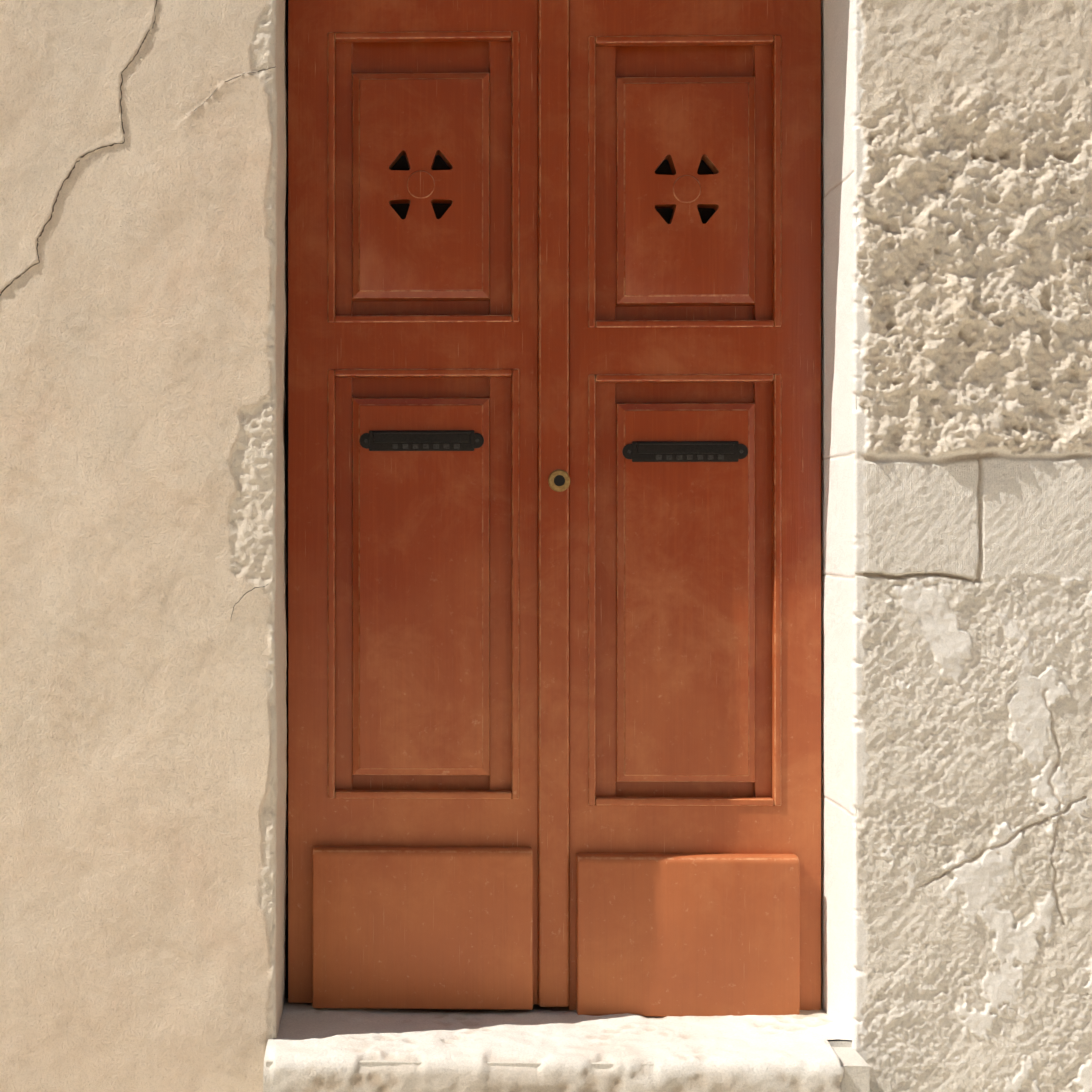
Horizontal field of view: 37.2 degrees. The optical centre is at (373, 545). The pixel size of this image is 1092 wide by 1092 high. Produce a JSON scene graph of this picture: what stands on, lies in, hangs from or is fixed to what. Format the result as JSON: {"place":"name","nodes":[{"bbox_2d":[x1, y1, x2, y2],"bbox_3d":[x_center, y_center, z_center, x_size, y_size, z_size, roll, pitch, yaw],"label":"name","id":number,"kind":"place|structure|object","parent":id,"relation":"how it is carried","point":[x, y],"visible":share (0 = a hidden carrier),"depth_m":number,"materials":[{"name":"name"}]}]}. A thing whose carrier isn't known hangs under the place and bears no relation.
{"place":"outdoors","nodes":[
{"label":"outdoors","id":0,"kind":"place"},
{"bbox_2d":[263,998,868,1091],"bbox_3d":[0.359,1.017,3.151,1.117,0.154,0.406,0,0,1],"label":"sill","id":1,"kind":"structure","parent":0,"point":[309,1048],"depth_m":3.00,"materials":[{"name":"white stone"}]},
{"label":"street ground","id":2,"kind":"structure","parent":0,"visible":0},
{"bbox_2d":[0,0,287,1091],"bbox_3d":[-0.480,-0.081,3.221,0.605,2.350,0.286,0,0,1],"label":"wall","id":3,"kind":"structure","parent":2,"relation":"on","point":[142,666],"depth_m":3.08,"materials":[{"name":"beige paint"}]},
{"bbox_2d":[0,0,275,616],"bbox_3d":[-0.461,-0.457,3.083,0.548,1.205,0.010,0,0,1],"label":"plaster cracks","id":4,"kind":"object","parent":3,"relation":"attached to","point":[93,151],"visible":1,"depth_m":3.08,"materials":[{"name":"brown paint"}]},
{"bbox_2d":[821,0,1091,1091],"bbox_3d":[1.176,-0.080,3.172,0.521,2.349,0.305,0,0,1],"label":"wall stone","id":5,"kind":"object","parent":2,"relation":"on","point":[955,544],"visible":0.92,"depth_m":3.04,"materials":[{"name":"stone"}]},
{"bbox_3d":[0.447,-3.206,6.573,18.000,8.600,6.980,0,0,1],"label":"building wall","id":6,"kind":"structure","parent":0},
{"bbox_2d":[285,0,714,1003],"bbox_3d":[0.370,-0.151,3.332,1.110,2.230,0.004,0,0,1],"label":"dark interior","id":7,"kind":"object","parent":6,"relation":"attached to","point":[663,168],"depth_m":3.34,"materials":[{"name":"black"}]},
{"bbox_2d":[288,0,820,1016],"bbox_3d":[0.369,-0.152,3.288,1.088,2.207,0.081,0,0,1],"label":"double door","id":8,"kind":"structure","parent":6,"relation":"attached to","point":[554,558],"depth_m":3.28,"materials":[{"name":"paint"}]}
]}

# # # # #

*About this exercise:* Transcribe the records above exactly, leaving out every picture.

*Solution for this problem:*
Horizontal field of view: 37.2 degrees. The optical centre is at (373, 545). The pixel size of this image is 1092 wide by 1092 high. Produce a JSON scene graph of this picture: what stands on, lies in, hangs from or is fixed to what. Format the result as JSON: {"place":"name","nodes":[{"bbox_2d":[x1, y1, x2, y2],"bbox_3d":[x_center, y_center, z_center, x_size, y_size, z_size, roll, pitch, yaw],"label":"name","id":number,"kind":"place|structure|object","parent":id,"relation":"how it is carried","point":[x, y],"visible":share (0 = a hidden carrier),"depth_m":number,"materials":[{"name":"name"}]}]}. A thing whose carrier isn't known hangs under the place and bears no relation.
{"place":"outdoors","nodes":[
{"label":"outdoors","id":0,"kind":"place"},
{"bbox_2d":[263,998,868,1091],"bbox_3d":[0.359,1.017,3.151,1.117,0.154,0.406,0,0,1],"label":"sill","id":1,"kind":"structure","parent":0,"point":[309,1048],"depth_m":3.00,"materials":[{"name":"white stone"}]},
{"label":"street ground","id":2,"kind":"structure","parent":0,"visible":0},
{"bbox_2d":[0,0,287,1091],"bbox_3d":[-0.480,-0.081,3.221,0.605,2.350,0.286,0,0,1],"label":"wall","id":3,"kind":"structure","parent":2,"relation":"on","point":[142,666],"depth_m":3.08,"materials":[{"name":"beige paint"}]},
{"bbox_2d":[0,0,275,616],"bbox_3d":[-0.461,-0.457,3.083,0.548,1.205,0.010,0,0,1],"label":"plaster cracks","id":4,"kind":"object","parent":3,"relation":"attached to","point":[93,151],"visible":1,"depth_m":3.08,"materials":[{"name":"brown paint"}]},
{"bbox_2d":[821,0,1091,1091],"bbox_3d":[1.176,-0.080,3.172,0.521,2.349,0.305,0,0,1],"label":"wall stone","id":5,"kind":"object","parent":2,"relation":"on","point":[955,544],"visible":0.92,"depth_m":3.04,"materials":[{"name":"stone"}]},
{"bbox_3d":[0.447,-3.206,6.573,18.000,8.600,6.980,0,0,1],"label":"building wall","id":6,"kind":"structure","parent":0},
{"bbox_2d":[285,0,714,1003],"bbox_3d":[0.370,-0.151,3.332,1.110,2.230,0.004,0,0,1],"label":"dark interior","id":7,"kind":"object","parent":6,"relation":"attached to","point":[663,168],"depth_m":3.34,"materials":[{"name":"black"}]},
{"bbox_2d":[288,0,820,1016],"bbox_3d":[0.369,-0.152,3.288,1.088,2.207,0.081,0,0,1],"label":"double door","id":8,"kind":"structure","parent":6,"relation":"attached to","point":[554,558],"depth_m":3.28,"materials":[{"name":"paint"}]}
]}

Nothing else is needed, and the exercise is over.